À quoi ressemble le biais d’ancrage dans de vrais portefeuilles

Le biais d’ancrage est la tendance à s’appuyer excessivement sur la première information que l’on voit (l’ancre) lorsqu’on prend une décision. En investissement, l’ancre est souvent un prix : « Je l’ai acheté à 50 $ », « Il valait 120 $ » ou « Les analystes visent 80 $ ». Le problème n’est pas que ces chiffres soient inutiles ; c’est que le cerveau leur accorde plus d’importance qu’ils ne méritent, puis ajuste insuffisamment même lorsqu’apparaissent de nouvelles preuves.

Les ancres se nichent partout :

  • Votre prix d’achat devient un repère psychologique pour la vente.
  • Le plus haut sur 52 semaines d’une action devient un proxy de « juste valeur », même si les fondamentaux ont changé.
  • Un nombre rond (100 $, 1 000 $, un rendement de 10 %) devient un point de référence mental.
  • Un objectif de cours d’analyste devient une valeur par défaut, même s’il repose sur des hypothèses obsolètes.
  • Un niveau de marché récent (comme le S&P 500 à 5 000) devient une « normale » à laquelle on s’attend à revenir.

L’ancrage ne nécessite ni mauvaise intention ni manque de compétence. C’est un raccourci fondamental du jugement humain, et il peut s’infiltrer dans les décisions des professionnels aussi facilement que dans celles des investisseurs particuliers.

Pourquoi le biais d’ancrage est si tenace : le besoin du cerveau d’un point de référence

Investir est difficile parce que la valeur est floue. Même lorsque vous construisez un modèle, il y a de l’incertitude sur la croissance, les marges, les taux d’actualisation et les menaces concurrentielles.

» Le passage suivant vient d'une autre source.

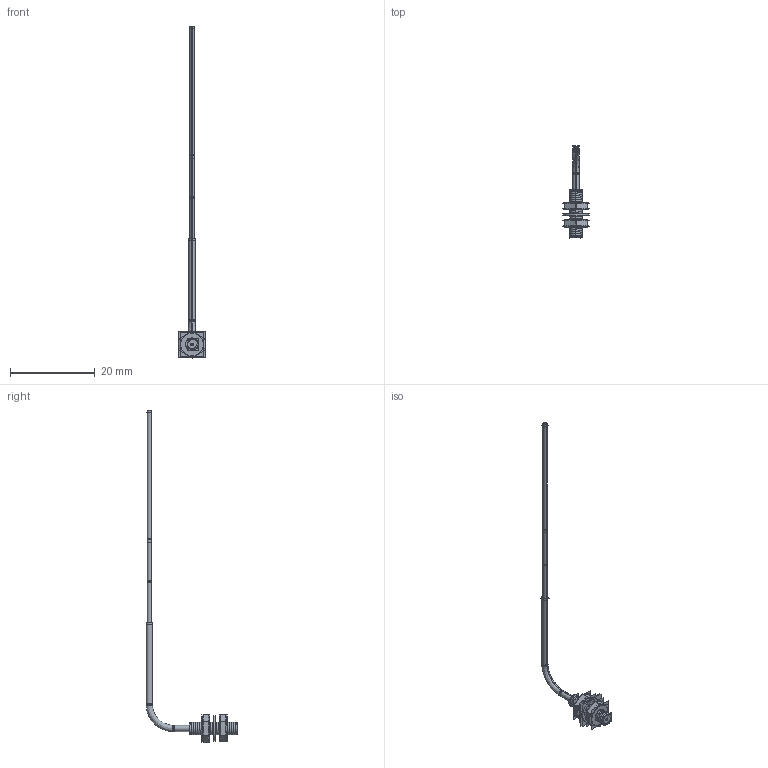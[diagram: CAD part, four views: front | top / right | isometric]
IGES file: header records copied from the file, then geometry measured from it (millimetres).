
Start section:  PTC IGES file: 166414.igs
Global section: file name: 166414.igs; native system: Creo Parametric by Parametric Technology Corporation; preprocessor: 2013230; author: pdmadmin; organization: Unknown; date: 20160105.130209; units: millimetre
Bounding box: 6.36 x 21.74 x 78.47 mm (x, y, z)
Volume: 177.9 mm3; surface area: 7575 mm2
Topology: 7 solids, 8 shells, 464 faces, 2450 edges, 3170 vertices
Faces by surface type: revolution 336, bspline 128

Les ancres offrent du réconfort : un repère concret dans une mer de probabilités.

Deux forces rendent l’ancrage particulièrement dangereux sur les marchés :

  1. Le prix est visible et constamment actualisé, donc il paraît « objectif ».
  2. Le feedback est bruité, donc vous ne pouvez pas facilement dire si une décision était bonne ou chanceuse.

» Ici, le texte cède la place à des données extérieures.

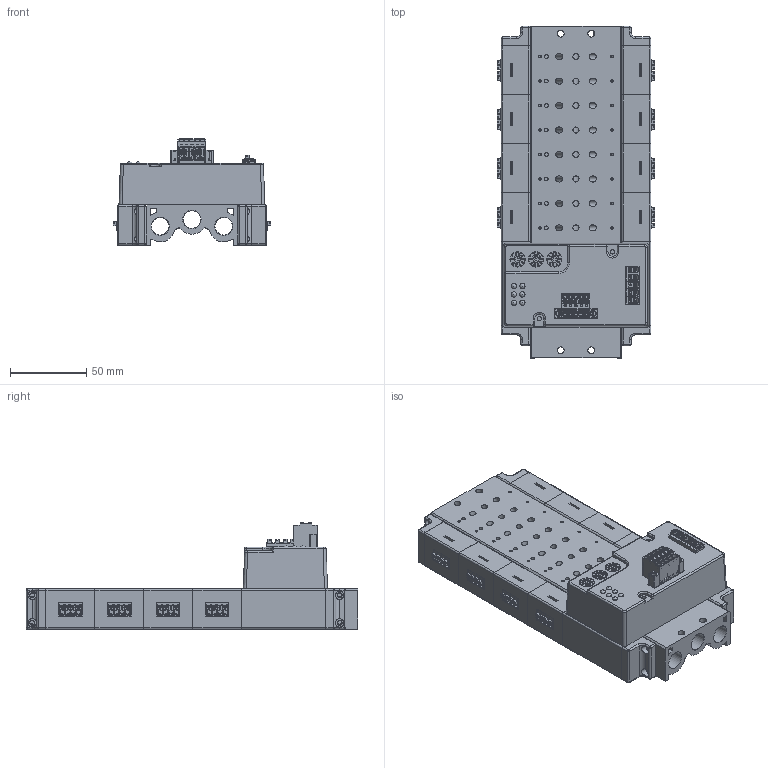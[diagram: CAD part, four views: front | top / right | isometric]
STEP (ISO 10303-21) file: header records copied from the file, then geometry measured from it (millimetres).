
FILE_DESCRIPTION(/* description */ (''),/* implementation_level */ '2;1');
FILE_NAME(/* name */ '',/* time_stamp */ '2025-06-12T16:30:00+08:00',/* author */ (''),/* organization */ (''),/* preprocessor_version */ 'ST-DEVELOPER v14',/* originating_system */ 'SIEMENS PLM Software NX 8.0',/* authorisation */ '');
FILE_SCHEMA (('AUTOMOTIVE_DESIGN { 1 0 10303 214 3 1 1 1 }'));
Products named in the file (1): DELL66702FEFqi86
Bounding box: 102.96 x 217 x 69.8 mm (x, y, z)
Volume: 535264.9 mm3; surface area: 150627.8 mm2
Topology: 2 solids, 70 shells, 6641 faces, 18923 edges, 12359 vertices
Faces by surface type: plane 4934, cylinder 1078, extrusion 275, cone 164, bspline 123, sphere 44, torus 23
Full cylindrical faces by diameter (mm): 1.6 x16, 1.8 x1, 2.5 x8, 2.8 x2, 3 x12, 3.021 x5, 3.15 x5, 3.2 x8, 3.221 x6, 3.5 x6, 4 x27, 4.5 x4, 5.5 x8, 9.6 x3, 10 x3, 11.5 x5, 11.8 x6
Entity records: 232695 total; most frequent: CARTESIAN_POINT 61065, ORIENTED_EDGE 37220, DIRECTION 32975, EDGE_CURVE 18610, VECTOR 14443, LINE 14168, VERTEX_POINT 12281, AXIS2_PLACEMENT_3D 9266

Ajoutez à cela l’aversion à la perte et vous obtenez un cocktail puissant : les investisseurs s’ancrent sur un prix antérieur puis refusent d’agir parce que réaliser une perte fait plus mal que la perspective d’un gain n’est agréable. C’est ainsi que des portefeuilles deviennent des musées de décisions passées.

Exemple chiffré 1 : s’ancrer sur son prix d’achat (et rater la vraie question)

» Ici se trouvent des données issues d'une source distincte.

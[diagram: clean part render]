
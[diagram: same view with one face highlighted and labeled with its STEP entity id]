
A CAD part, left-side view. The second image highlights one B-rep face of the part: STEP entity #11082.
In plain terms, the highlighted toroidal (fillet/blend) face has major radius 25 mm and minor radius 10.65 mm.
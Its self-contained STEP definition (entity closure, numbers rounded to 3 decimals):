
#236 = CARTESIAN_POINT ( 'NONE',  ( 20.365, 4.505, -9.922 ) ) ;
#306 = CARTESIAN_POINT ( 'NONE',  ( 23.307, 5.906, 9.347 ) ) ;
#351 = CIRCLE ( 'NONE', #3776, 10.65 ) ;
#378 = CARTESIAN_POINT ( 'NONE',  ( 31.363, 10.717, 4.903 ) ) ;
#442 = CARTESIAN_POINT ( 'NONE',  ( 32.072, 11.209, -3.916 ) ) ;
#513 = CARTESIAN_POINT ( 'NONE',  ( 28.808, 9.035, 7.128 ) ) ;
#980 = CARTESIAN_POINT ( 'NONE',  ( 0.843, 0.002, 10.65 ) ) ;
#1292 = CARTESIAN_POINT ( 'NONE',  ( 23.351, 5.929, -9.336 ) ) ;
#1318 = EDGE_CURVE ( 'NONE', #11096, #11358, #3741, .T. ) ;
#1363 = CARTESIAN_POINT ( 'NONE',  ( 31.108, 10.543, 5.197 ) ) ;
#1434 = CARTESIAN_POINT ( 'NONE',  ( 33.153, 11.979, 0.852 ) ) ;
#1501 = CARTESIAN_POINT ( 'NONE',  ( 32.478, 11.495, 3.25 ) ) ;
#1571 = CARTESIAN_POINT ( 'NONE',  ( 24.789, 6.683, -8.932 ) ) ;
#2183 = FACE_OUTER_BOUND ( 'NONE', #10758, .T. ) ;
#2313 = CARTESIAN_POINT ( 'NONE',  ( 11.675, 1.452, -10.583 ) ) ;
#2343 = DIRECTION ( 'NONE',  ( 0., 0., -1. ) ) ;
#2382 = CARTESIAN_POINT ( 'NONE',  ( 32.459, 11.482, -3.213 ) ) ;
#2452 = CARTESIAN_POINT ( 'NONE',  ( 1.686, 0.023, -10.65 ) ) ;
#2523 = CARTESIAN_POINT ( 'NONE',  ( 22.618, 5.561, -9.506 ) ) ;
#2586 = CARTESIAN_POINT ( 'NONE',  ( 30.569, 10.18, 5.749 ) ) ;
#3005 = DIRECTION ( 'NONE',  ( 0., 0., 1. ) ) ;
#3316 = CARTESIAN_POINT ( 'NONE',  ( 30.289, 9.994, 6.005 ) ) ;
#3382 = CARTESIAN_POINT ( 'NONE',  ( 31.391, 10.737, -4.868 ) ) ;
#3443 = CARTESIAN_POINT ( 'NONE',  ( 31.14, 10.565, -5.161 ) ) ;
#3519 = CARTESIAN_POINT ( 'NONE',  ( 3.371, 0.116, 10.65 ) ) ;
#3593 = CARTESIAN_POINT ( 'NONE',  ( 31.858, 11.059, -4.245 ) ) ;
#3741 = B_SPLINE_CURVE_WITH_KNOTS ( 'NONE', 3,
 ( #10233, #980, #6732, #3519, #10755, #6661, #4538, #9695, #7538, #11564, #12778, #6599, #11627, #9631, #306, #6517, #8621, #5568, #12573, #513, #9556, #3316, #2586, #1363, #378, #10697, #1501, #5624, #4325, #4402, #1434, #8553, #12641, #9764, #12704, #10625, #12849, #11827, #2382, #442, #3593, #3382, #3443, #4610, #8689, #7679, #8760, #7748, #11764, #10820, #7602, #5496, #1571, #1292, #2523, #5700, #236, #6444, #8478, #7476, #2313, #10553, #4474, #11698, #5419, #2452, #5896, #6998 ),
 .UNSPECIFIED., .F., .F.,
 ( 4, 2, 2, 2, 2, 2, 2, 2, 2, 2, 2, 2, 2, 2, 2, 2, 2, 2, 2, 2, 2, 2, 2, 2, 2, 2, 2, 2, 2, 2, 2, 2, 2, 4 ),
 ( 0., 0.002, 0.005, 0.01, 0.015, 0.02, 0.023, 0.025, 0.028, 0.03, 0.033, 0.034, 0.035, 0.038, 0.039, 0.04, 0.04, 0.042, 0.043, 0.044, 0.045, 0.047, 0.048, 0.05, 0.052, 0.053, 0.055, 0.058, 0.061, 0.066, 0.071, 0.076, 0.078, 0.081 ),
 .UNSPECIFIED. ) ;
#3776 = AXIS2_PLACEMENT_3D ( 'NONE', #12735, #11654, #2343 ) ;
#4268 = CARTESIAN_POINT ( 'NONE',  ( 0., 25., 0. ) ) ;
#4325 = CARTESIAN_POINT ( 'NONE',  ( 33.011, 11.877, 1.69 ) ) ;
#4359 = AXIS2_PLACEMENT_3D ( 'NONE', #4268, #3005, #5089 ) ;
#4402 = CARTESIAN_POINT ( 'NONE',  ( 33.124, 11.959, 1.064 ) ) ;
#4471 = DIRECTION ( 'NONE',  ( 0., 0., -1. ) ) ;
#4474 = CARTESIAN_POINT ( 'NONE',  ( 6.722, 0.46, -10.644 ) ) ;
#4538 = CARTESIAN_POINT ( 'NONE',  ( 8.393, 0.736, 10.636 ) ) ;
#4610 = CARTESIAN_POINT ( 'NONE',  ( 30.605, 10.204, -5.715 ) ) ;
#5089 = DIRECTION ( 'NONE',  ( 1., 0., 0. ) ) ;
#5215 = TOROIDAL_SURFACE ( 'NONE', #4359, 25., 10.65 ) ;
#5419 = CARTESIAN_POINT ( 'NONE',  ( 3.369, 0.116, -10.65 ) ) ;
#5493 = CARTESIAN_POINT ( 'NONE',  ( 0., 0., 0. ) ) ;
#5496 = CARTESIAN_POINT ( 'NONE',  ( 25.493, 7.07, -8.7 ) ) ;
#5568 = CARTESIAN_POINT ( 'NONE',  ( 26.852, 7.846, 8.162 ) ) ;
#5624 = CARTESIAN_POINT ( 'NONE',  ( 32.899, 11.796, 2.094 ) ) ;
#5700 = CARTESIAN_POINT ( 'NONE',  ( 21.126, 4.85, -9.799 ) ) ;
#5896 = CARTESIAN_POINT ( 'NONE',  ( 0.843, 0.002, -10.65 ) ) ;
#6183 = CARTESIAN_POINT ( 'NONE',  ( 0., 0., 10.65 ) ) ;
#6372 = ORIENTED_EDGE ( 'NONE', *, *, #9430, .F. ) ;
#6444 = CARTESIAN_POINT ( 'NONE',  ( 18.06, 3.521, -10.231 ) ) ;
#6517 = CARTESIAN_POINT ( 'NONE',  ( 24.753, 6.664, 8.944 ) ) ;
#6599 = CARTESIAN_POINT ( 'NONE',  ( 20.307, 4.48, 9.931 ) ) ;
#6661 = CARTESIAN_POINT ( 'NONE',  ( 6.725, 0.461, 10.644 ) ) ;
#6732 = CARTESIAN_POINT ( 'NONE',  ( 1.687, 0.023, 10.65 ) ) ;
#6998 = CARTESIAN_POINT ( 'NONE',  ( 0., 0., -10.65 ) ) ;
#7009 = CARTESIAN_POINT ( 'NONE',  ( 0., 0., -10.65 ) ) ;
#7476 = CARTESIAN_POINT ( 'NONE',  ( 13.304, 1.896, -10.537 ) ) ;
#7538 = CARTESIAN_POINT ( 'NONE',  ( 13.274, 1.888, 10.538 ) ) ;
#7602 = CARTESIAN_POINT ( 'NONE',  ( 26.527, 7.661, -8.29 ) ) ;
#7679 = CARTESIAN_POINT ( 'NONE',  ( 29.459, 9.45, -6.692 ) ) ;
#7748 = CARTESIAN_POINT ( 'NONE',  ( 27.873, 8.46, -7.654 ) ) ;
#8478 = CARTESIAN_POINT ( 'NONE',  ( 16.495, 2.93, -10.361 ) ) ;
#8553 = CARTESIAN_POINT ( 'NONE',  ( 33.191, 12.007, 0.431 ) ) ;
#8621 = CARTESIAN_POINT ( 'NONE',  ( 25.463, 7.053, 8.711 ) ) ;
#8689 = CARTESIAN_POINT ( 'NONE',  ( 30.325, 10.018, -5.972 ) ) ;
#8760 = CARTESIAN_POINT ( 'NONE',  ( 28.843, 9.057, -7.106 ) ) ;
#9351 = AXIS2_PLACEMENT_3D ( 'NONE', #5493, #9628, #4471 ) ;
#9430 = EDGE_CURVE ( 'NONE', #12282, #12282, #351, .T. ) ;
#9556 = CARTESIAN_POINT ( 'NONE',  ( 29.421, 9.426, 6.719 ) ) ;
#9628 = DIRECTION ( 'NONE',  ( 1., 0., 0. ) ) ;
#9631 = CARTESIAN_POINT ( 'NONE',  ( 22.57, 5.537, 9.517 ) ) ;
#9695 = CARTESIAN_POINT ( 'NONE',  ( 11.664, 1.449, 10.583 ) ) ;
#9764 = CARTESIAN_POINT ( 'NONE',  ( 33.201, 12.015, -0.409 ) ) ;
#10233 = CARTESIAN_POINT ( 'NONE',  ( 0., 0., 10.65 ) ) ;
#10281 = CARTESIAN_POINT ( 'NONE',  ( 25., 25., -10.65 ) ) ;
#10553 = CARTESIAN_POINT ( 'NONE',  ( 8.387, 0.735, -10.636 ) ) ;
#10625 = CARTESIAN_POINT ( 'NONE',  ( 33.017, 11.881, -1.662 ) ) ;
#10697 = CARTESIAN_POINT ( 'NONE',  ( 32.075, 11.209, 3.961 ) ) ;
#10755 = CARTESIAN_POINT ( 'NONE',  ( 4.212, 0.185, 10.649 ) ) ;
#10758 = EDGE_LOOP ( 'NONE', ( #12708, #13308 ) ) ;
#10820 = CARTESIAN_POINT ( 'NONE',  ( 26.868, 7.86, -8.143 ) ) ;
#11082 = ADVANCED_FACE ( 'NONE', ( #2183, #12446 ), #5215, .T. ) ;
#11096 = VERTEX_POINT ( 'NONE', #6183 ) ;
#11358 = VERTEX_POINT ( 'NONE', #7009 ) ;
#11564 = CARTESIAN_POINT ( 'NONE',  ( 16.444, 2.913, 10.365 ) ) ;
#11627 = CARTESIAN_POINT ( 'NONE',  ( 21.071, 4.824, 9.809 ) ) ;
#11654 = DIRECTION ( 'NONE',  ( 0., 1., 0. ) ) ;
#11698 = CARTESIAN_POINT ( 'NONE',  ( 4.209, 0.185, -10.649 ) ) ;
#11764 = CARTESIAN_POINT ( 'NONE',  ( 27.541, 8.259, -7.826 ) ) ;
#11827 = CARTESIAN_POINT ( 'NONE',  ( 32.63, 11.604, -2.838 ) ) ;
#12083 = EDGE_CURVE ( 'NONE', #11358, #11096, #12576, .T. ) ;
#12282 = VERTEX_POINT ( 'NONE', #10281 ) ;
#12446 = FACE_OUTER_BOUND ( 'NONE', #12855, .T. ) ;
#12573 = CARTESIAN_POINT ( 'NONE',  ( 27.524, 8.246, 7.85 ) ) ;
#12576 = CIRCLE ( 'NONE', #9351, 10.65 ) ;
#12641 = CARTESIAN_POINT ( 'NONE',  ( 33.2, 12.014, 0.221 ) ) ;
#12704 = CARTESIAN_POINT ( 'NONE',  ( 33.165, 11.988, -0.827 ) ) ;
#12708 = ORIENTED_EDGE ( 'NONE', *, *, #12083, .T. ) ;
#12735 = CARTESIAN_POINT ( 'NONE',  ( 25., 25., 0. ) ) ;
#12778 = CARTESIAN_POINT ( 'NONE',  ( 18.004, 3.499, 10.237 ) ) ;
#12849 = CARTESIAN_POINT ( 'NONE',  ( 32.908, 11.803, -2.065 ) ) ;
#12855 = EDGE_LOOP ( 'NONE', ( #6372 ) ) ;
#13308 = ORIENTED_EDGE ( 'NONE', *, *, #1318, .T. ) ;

Imaginez que vous achetiez l’Action A à 50 $ parce que vous estimez la juste valeur à 60 $ en vous basant sur les bénéfices et la croissance. Trois mois plus tard, de nouvelles informations tombent :

  • Un client-clé part.
  • Les prévisions sont réduites.
  • Votre estimation actualisée de la juste valeur passe de 60 $ à 38 $.

Mais l’action cote maintenant 42 $.

Une décision rationnelle basée sur la valorisation demande : 42 $ est-il attractif par rapport à une juste valeur de 38 $, compte tenu de l’incertitude ? Probablement pas. La marge de sécurité a disparu. Vous pourriez vendre.

Le biais d’ancrage pose une autre question : « Dois-je vendre à 42 $ alors que j’ai payé 50 $ ? » Ce cadre transforme une décision de valorisation en une décision d’ego. Beaucoup d’investisseurs conservent parce qu’ils ne veulent pas « matérialiser » une perte de 16 %.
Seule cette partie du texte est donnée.